For the teams included in the study, I then gathered the players with the top 7 winshares of that team. I only included 7 because that seemed to be the minimium amount of players in a coach's rotation. From there, I counted the players drafted by the team they won with. This means that a player can change teams from their original drafted team and come back at a later time and count as 'drafted'. An example would be LeBron James winning in Cleveland after playing with the Miami Heat. 

The first plot shown is the number of players drafted vs. the media population in thousands. When running a linear regression through the data, the slope is close to 0 with an R^2 value of 0.0001. This shows that there is no correlation between the number of players drafted and the market size of the team.

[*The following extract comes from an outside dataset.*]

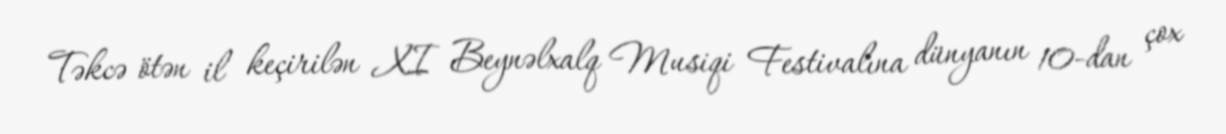
Təkcə ötən il keçirilən XI Beynəlxalq Musiqi Festivalına dünyanın 10-dan çox
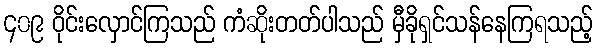
၄၀၉ ဝိုင်းလှောင်ကြသည် ကံဆိုးတတ်ပါသည် မှီခိုရှင်သန်နေကြရသည့်

### Three dimensional graph of the number of players drafted in the top 7 vs. the media population vs. the year

```{r}
threedim
```

***

This plot is similar to the the two-dimensional except I added another axis (year) to see the duplicates since one team may have won multiple conference championships.


### Two dimensional graph of the number of players drafted in the top 3 vs. the media population 

```{r}
twodim3
```

***

The earlier results of no correlation surprised me. I then thought of the common saying that you need only 3 superstars to win. Therefore, extending the reach of players to 7 may be too far. I shortened it to just checking the draft status of the top 3 win share contributers and plotted it again.

This did show a negative correlation this time as what was expected. However, the R^2 value is just 0.1161. This however can be due to the discrete range and limited x-values. This can still be viewed as significant and provide grounds for the statement that small market teams best chance of winning is tanking. 


### Dual plot of the number of championships and average amount of players drafted vs. the media market bin

```{r}
winbin_plt
```

***

This next plot shows the proportion of championships and average number of players drafted against the media market. I binned the media markets into 7 equal sized bin, with 1 being the smallest market size and 7 being the highest. The graph for the proportion is clearly increasing while the average drafted shows a faint normal distribution shape with skewness to the right. Again, although market size and drafted correlation is debatable, it is a fact that large market teams have dominated the conference championship arena. 

This can be for a number of reasons. One being the impact of one player can skew the results with the short sample size of 26 years. For example, Michael Jordan can account for 6 championships and LeBron, 7 (conference championships). 


### Table of data

```{r}
datatable(table_view)
```

***

This table shows most of the data from which the plots were made. The data was obtained from www.basketballreference.com. In conclusion, there is weak evidence to say that small market teams must tank and rely on draft picks to win a championship as they don't have the lure big market teams do to attract big signings. However, I believe that the history of the modern NBA is too short to make any definitive conclusion.

If I were to do this more in depth, I would classify the non-drafted players as signed or traded. This will give a better indication of the team composition.